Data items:
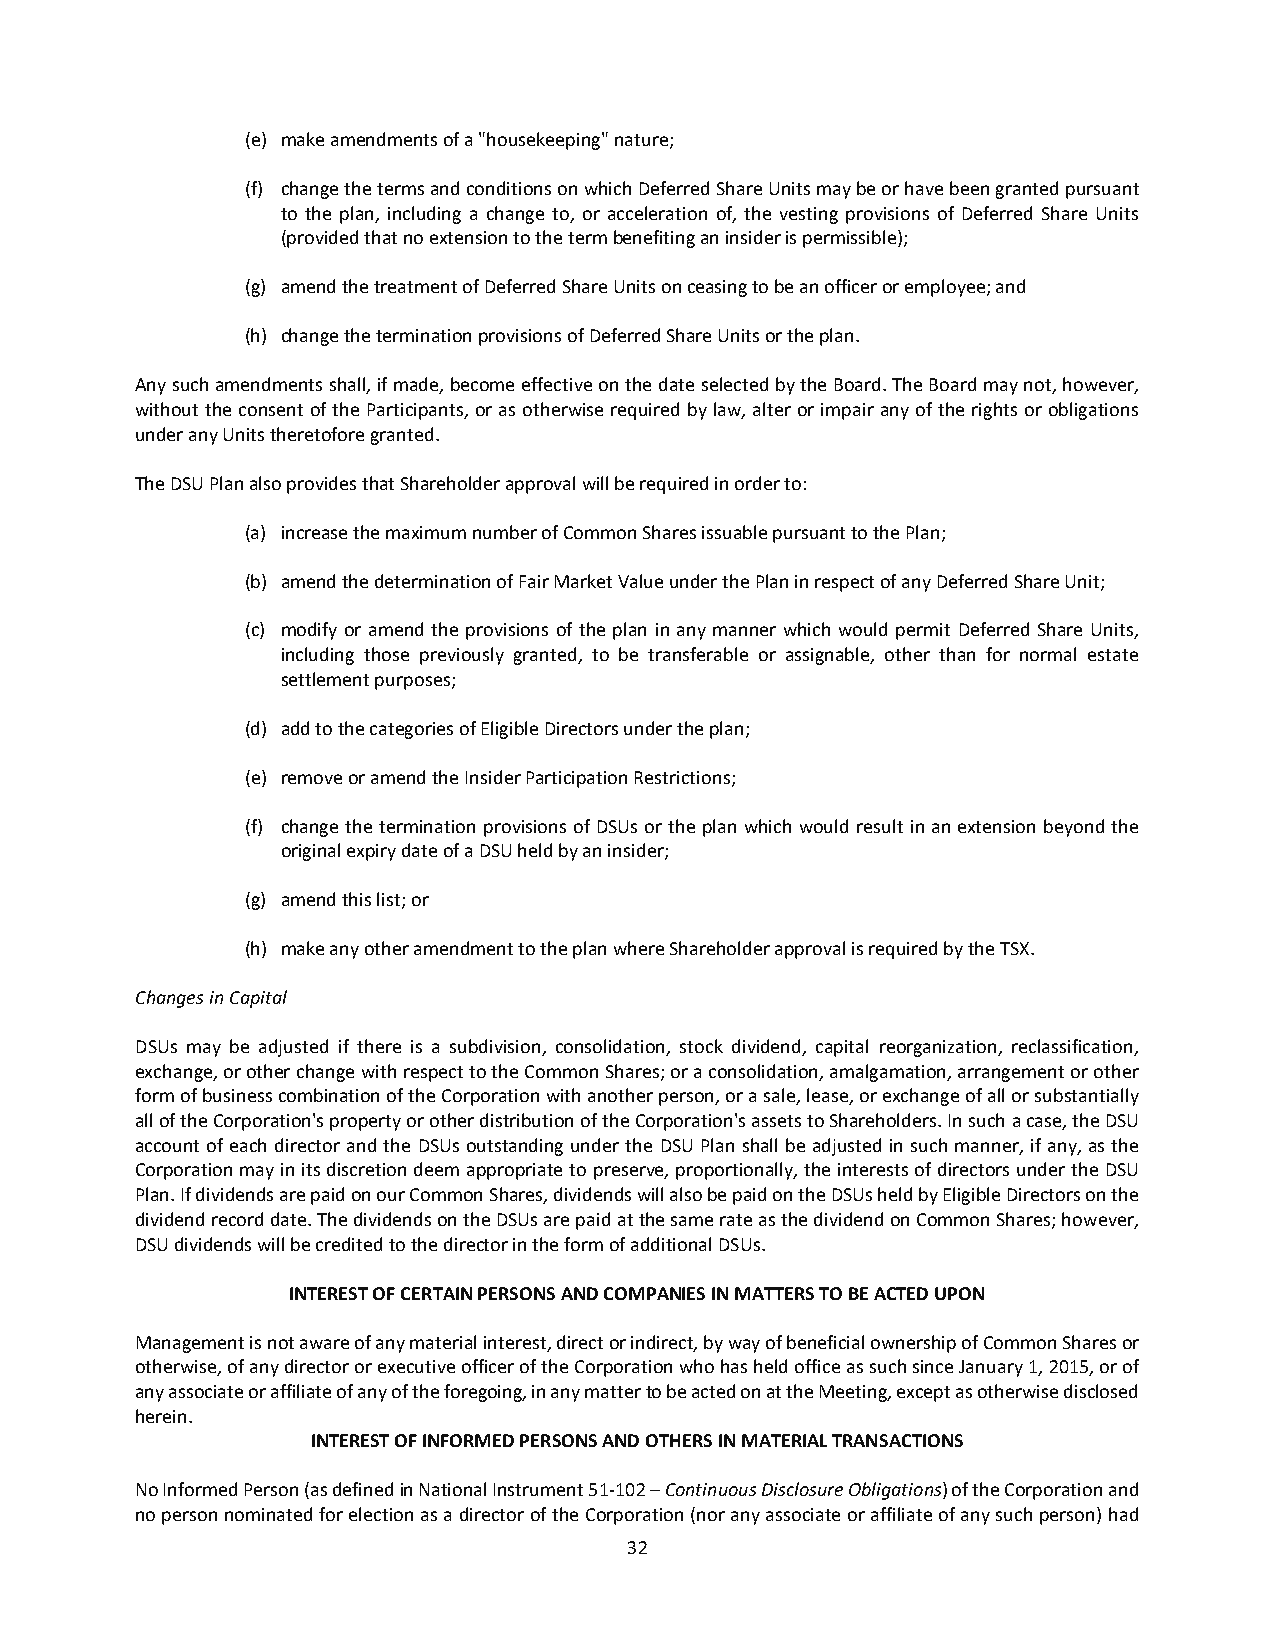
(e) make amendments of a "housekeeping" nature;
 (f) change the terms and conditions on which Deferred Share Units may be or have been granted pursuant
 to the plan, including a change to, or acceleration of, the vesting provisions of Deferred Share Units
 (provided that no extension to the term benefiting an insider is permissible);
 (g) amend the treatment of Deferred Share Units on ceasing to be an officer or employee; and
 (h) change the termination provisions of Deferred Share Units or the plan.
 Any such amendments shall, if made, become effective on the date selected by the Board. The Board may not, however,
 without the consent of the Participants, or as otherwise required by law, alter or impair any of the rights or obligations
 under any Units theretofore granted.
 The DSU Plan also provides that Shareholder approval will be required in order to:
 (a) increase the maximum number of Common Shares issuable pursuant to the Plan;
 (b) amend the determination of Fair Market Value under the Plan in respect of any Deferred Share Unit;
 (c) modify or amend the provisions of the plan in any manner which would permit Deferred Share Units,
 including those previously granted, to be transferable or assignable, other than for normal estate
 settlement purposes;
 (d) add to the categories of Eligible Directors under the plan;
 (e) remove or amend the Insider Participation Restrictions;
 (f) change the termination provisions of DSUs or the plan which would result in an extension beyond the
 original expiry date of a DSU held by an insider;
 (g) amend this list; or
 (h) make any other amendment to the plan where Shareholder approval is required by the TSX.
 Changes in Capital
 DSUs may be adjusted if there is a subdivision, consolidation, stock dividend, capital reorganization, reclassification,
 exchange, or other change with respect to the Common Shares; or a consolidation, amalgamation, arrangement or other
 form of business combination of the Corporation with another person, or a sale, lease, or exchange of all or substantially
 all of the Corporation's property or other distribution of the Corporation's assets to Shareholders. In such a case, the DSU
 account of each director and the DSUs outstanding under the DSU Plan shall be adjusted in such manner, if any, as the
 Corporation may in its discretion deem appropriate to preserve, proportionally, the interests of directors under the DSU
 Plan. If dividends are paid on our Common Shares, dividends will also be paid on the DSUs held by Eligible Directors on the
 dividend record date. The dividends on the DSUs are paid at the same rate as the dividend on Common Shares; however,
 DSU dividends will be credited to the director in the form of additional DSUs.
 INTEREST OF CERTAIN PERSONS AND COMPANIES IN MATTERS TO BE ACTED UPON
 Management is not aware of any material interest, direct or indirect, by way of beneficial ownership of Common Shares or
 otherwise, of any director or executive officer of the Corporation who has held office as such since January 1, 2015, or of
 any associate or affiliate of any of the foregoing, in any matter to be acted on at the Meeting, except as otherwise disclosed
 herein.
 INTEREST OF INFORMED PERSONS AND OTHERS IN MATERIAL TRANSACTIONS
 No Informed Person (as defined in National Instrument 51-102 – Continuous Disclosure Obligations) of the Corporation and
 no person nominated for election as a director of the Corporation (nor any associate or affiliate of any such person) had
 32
...
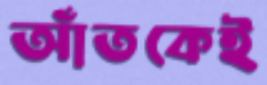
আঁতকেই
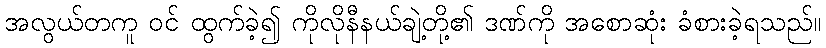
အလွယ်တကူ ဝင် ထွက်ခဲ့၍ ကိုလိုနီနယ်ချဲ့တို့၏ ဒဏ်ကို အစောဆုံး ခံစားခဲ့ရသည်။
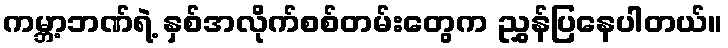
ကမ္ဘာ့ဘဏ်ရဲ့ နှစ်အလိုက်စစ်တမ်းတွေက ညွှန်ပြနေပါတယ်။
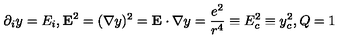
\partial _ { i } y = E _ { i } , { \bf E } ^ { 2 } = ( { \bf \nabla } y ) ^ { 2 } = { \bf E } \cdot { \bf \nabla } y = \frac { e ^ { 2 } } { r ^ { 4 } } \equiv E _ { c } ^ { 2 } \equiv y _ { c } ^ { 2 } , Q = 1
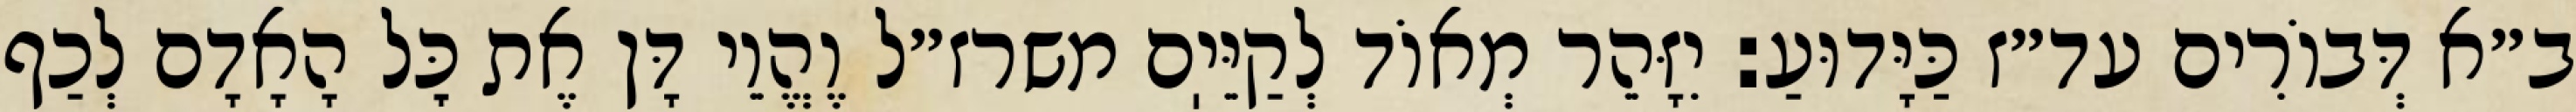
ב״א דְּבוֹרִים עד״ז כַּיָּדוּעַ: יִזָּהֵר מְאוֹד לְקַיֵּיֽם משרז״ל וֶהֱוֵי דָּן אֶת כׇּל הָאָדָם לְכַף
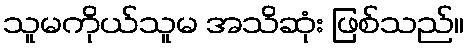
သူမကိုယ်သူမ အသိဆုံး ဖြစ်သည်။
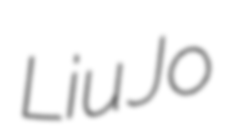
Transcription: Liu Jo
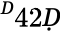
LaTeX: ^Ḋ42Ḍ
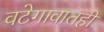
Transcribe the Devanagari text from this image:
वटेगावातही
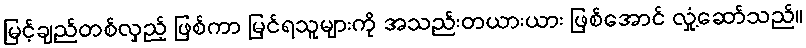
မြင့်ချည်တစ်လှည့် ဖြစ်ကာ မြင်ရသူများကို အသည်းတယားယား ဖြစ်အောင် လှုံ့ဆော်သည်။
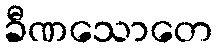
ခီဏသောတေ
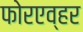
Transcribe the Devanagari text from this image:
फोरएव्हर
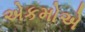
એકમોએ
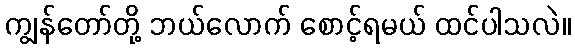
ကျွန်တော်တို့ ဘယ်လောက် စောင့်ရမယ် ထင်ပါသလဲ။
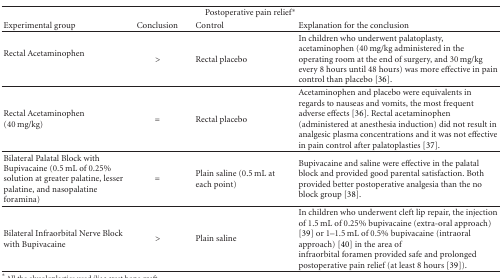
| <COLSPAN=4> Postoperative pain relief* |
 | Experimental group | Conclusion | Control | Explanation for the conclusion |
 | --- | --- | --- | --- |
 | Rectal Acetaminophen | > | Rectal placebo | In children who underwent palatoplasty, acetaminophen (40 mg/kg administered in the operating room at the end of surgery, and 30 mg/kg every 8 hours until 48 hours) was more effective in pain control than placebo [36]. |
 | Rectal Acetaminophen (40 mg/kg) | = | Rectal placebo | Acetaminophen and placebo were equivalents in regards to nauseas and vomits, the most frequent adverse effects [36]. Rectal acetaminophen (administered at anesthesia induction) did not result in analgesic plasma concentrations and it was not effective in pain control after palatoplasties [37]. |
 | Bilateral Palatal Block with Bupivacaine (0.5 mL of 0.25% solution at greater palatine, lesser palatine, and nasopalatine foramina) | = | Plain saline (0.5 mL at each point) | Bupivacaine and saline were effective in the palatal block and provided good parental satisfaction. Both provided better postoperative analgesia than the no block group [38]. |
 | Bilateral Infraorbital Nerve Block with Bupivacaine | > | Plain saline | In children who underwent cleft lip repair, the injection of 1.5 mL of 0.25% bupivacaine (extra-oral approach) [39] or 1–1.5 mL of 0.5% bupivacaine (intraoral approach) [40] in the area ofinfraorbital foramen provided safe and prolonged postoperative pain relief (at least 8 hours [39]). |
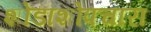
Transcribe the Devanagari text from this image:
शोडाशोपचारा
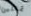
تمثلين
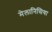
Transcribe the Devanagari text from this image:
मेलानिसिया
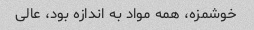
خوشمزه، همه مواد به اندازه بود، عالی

• **Problem**
When you reach the line containing "ကျွန်တော်တို့ ဘယ်လောက် စောင့်ရမယ် ထင်ပါသလဲ။" in the entries above, begin restating word for word, and stop once the line containing "placebo [36]. |" has been given. Omit the pictures.

• **Task output**
ကျွန်တော်တို့ ဘယ်လောက် စောင့်ရမယ် ထင်ပါသလဲ။
| <COLSPAN=4> Postoperative pain relief* |
 | Experimental group | Conclusion | Control | Explanation for the conclusion |
 | --- | --- | --- | --- |
 | Rectal Acetaminophen | > | Rectal placebo | In children who underwent palatoplasty, acetaminophen (40 mg/kg administered in the operating room at the end of surgery, and 30 mg/kg every 8 hours until 48 hours) was more effective in pain control than placebo [36]. |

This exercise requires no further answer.